Start of Exercise inputs
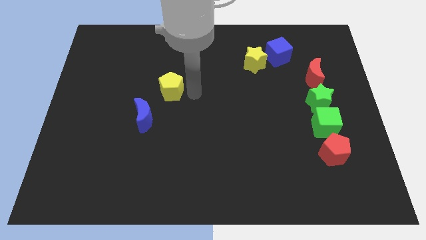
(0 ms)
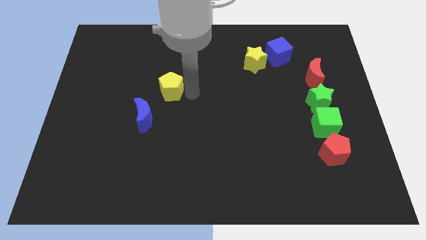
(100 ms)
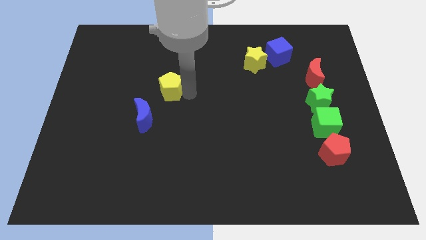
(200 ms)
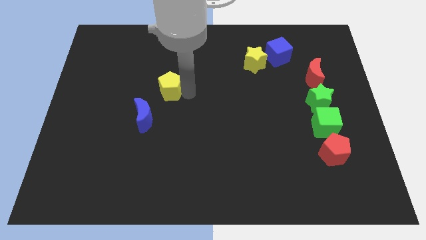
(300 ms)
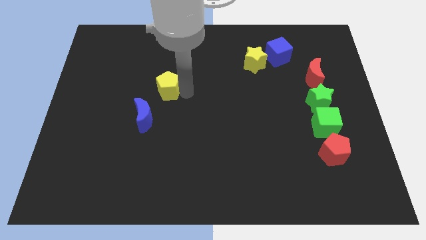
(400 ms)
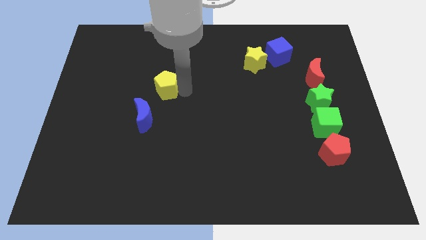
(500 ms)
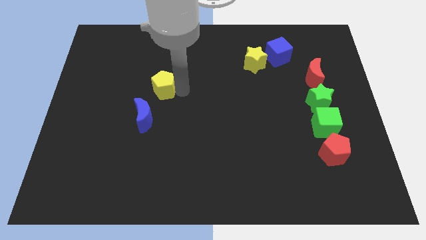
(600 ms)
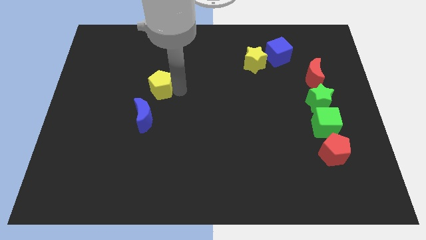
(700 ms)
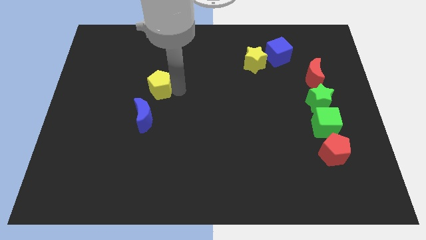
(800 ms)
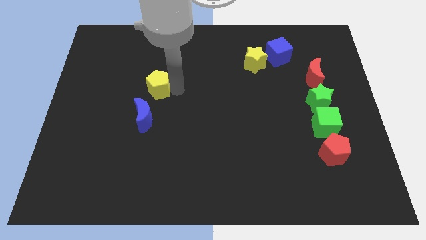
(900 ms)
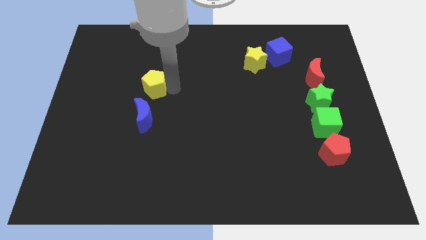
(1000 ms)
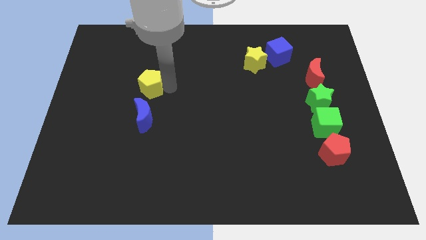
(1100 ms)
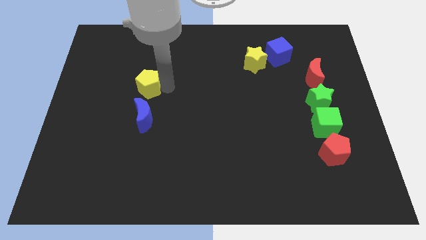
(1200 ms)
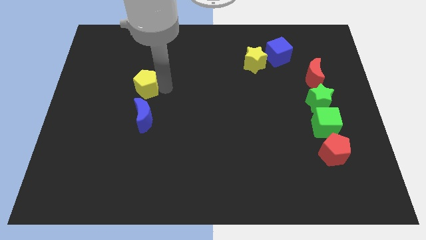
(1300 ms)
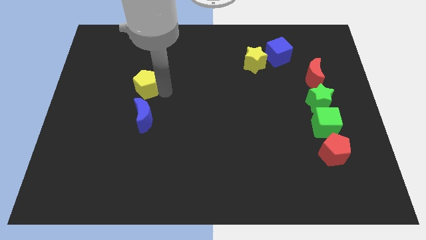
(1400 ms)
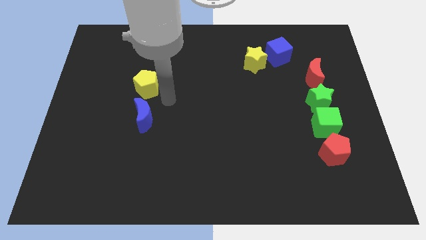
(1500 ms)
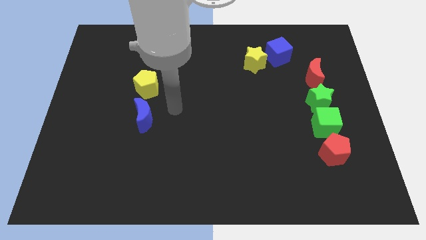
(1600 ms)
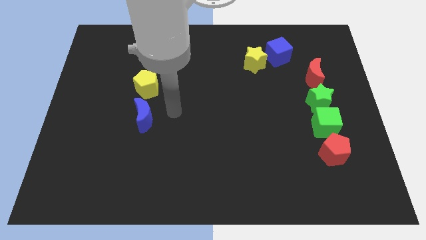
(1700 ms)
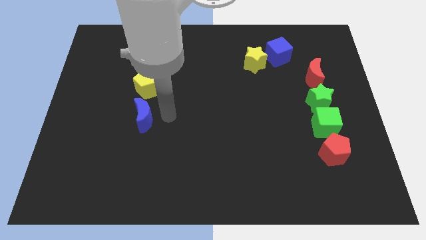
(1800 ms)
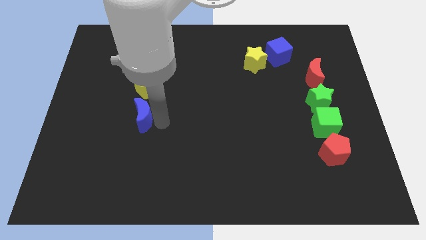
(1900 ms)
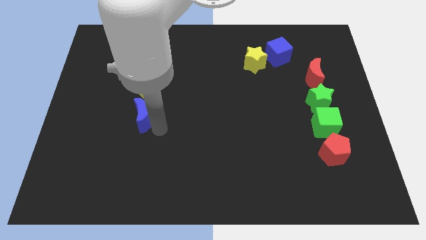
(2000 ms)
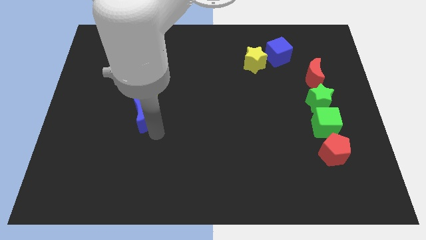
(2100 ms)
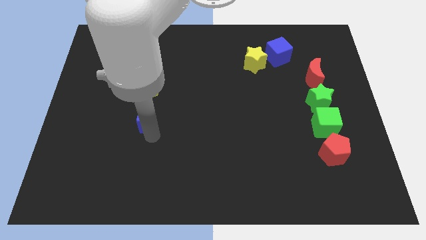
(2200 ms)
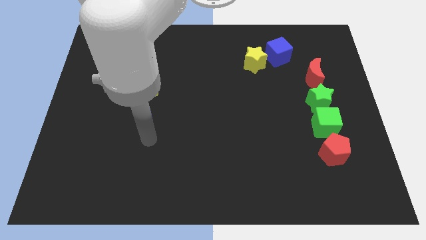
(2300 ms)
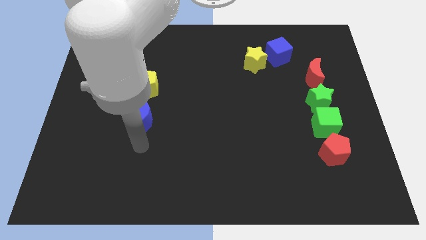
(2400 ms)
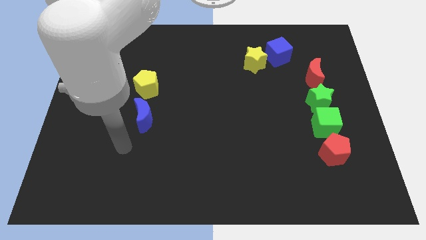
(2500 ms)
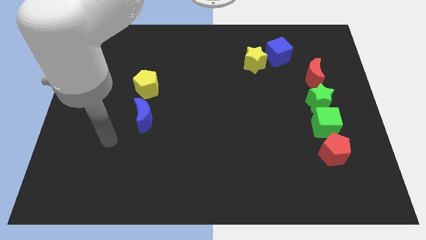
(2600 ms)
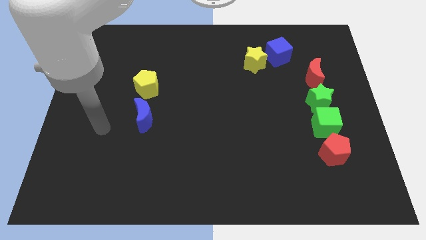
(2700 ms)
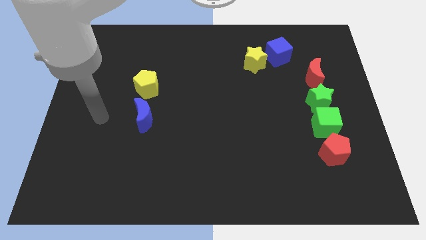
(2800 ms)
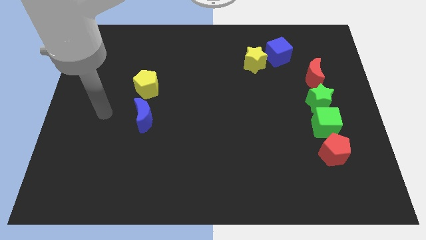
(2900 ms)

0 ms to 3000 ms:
place the yellow pentagon at the top of blue crescent
End of Exercise inputs
** What needs to be done **
Each record above is to be restated exactly, with its pictures removed from the copy.

** Result below **
(0 ms)
(100 ms)
(200 ms)
(300 ms)
(400 ms)
(500 ms)
(600 ms)
(700 ms)
(800 ms)
(900 ms)
(1000 ms)
(1100 ms)
(1200 ms)
(1300 ms)
(1400 ms)
(1500 ms)
(1600 ms)
(1700 ms)
(1800 ms)
(1900 ms)
(2000 ms)
(2100 ms)
(2200 ms)
(2300 ms)
(2400 ms)
(2500 ms)
(2600 ms)
(2700 ms)
(2800 ms)
(2900 ms)

0 ms to 3000 ms:
place the yellow pentagon at the top of blue crescent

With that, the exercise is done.